• ENTRIES SHOWN:
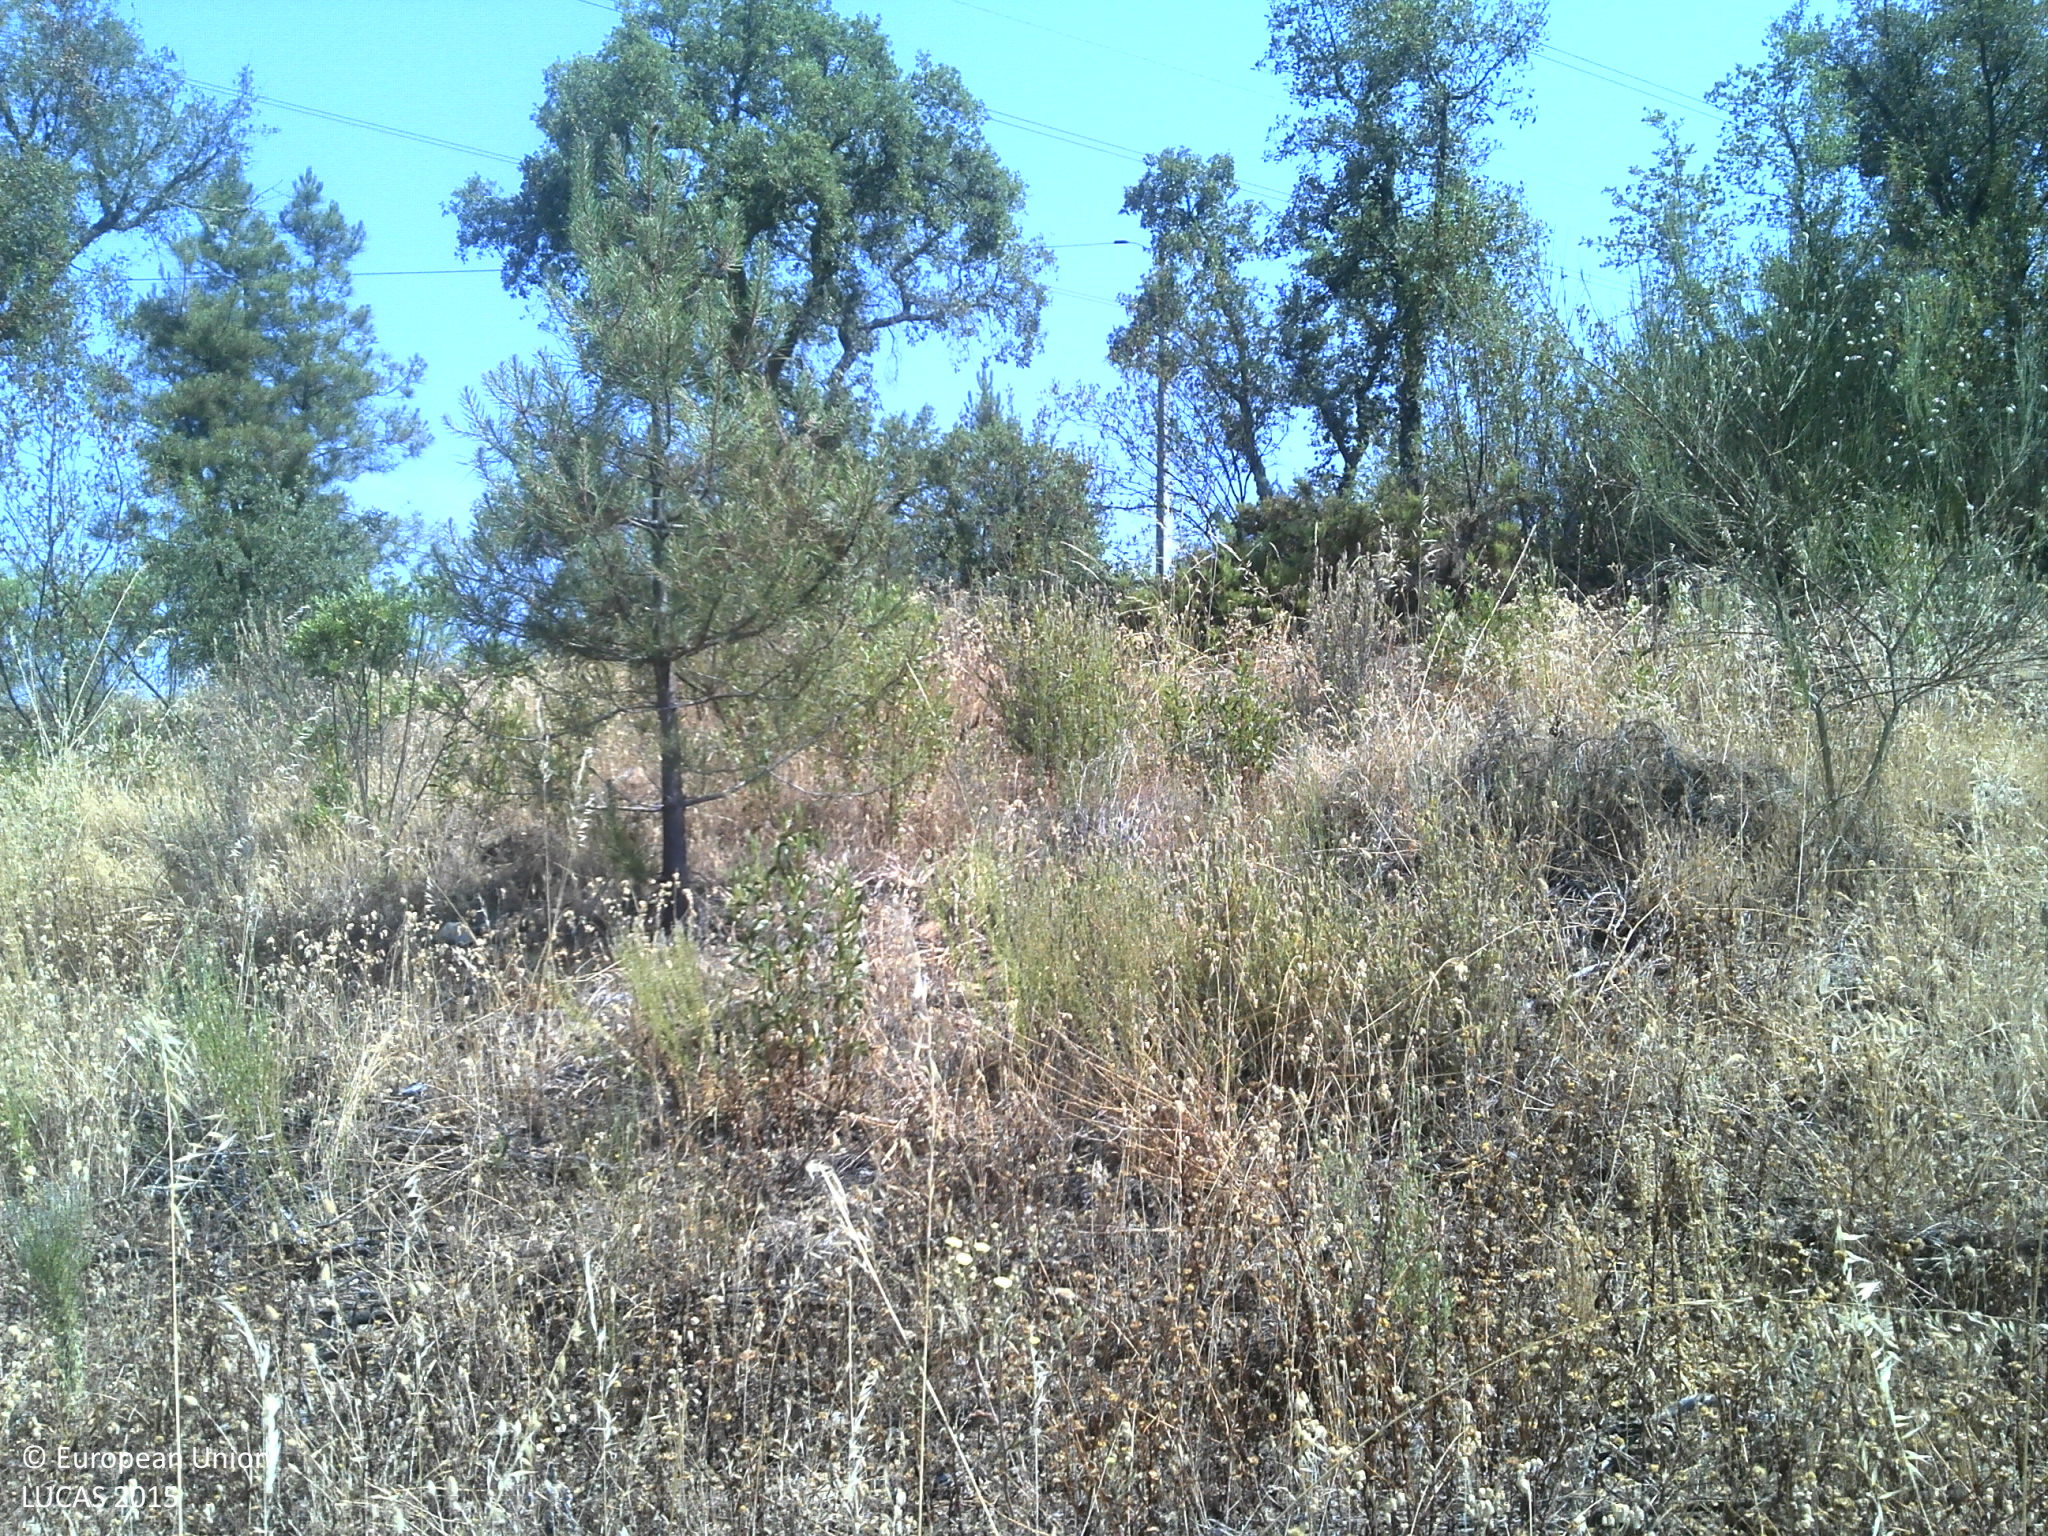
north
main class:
* * *
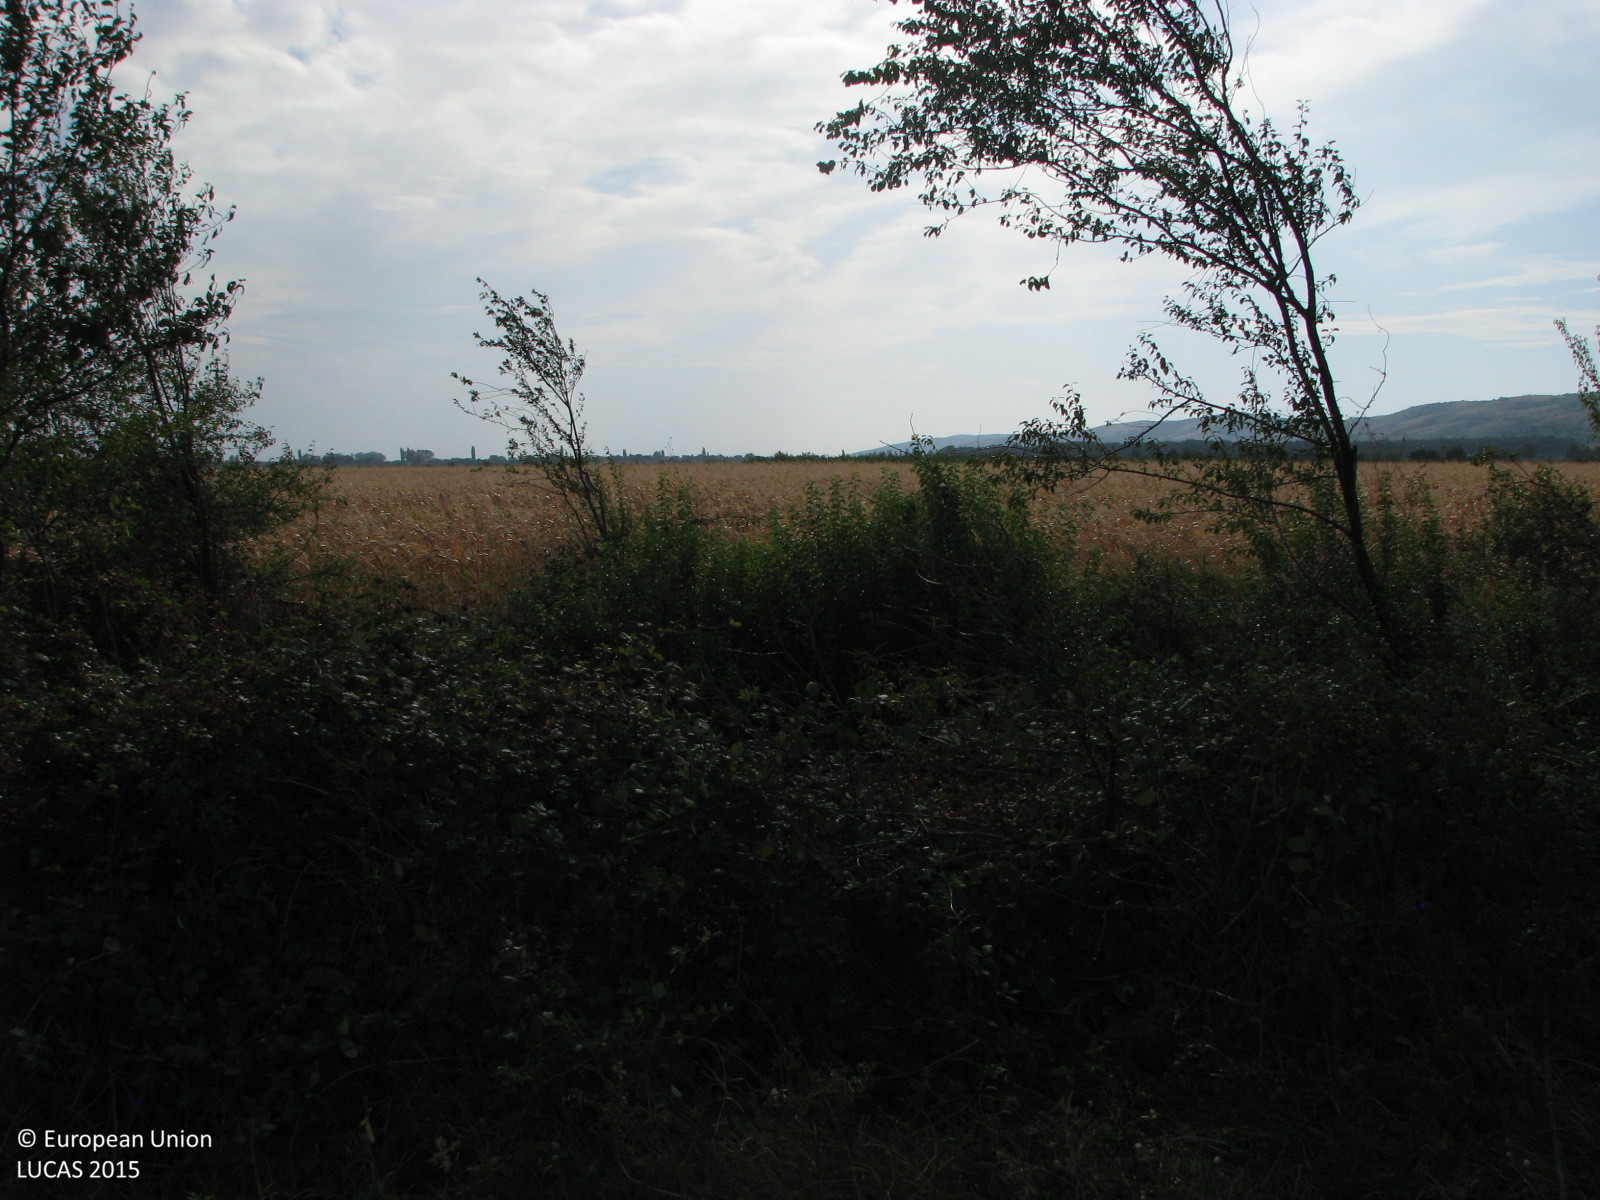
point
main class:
--
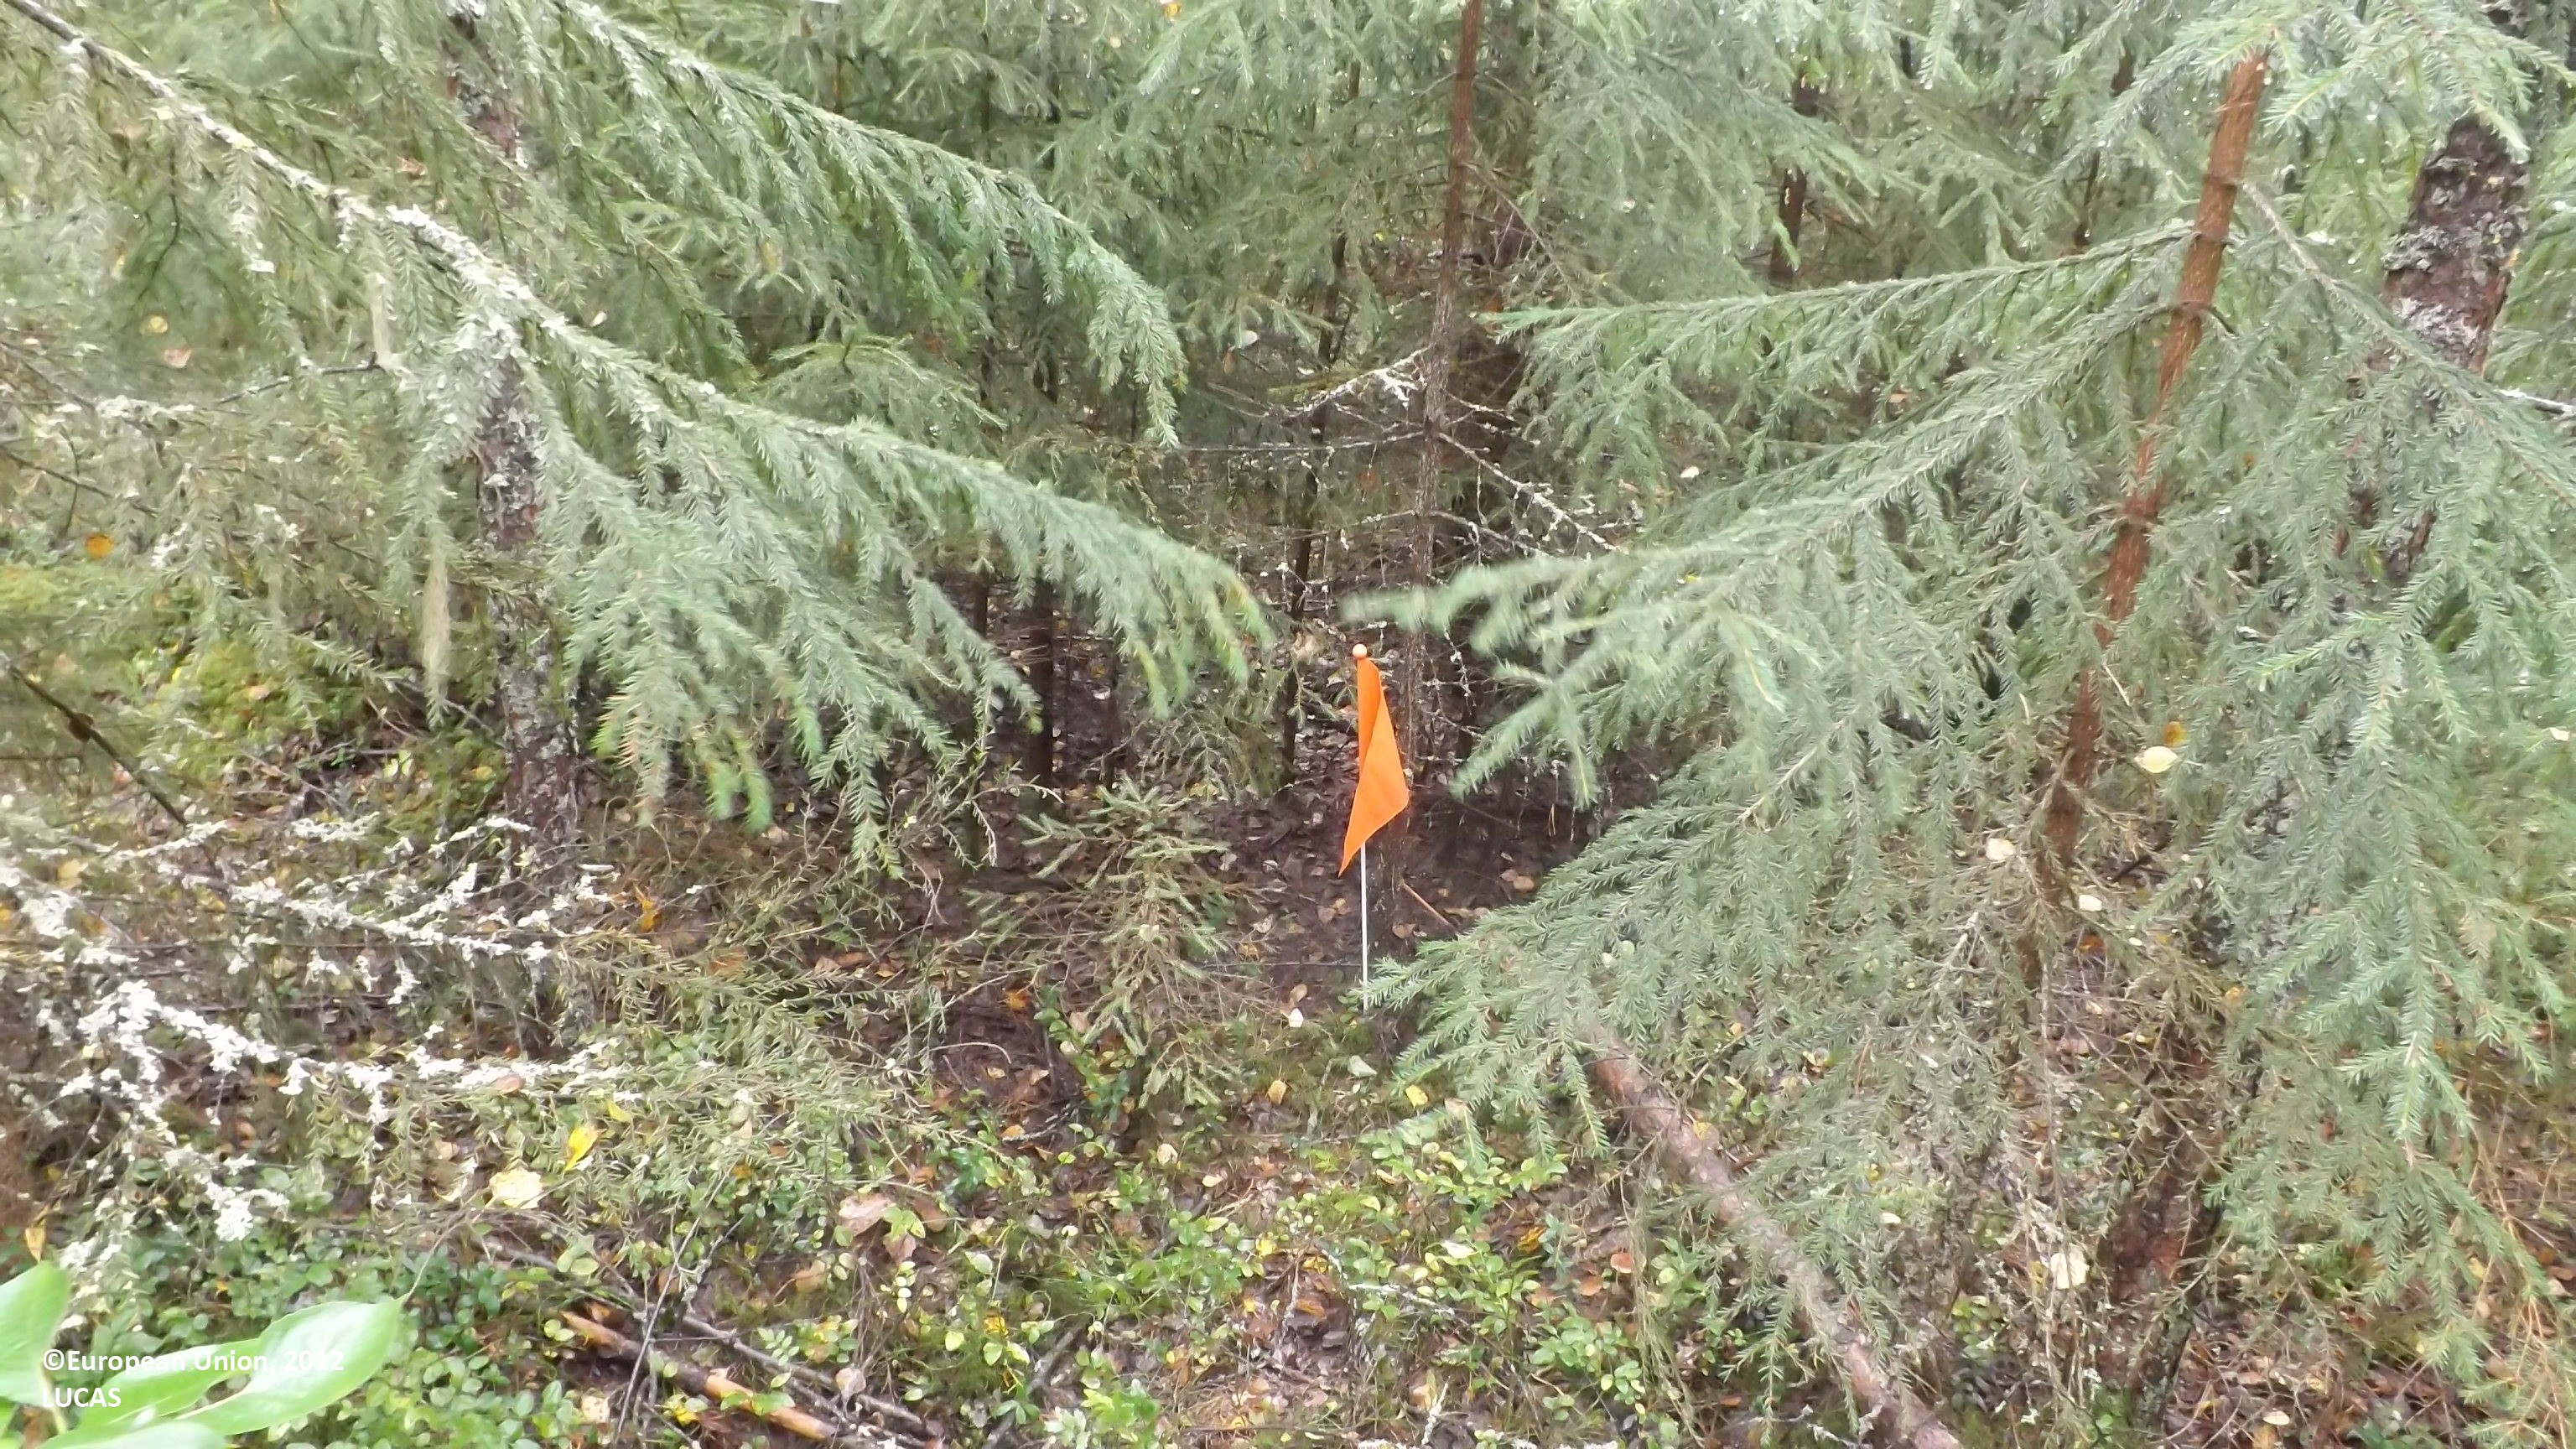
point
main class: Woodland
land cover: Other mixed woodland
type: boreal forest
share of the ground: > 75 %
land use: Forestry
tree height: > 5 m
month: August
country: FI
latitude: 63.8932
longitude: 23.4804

• TASK PROMPT: From the entries above, write out only the lines starting at the line that holds "main class: Woodland" and ending at the line that holds "longitude: 23.4804", keeping both and matching them exactly.

• RESPONSE:
main class: Woodland
land cover: Other mixed woodland
type: boreal forest
share of the ground: > 75 %
land use: Forestry
tree height: > 5 m
month: August
country: FI
latitude: 63.8932
longitude: 23.4804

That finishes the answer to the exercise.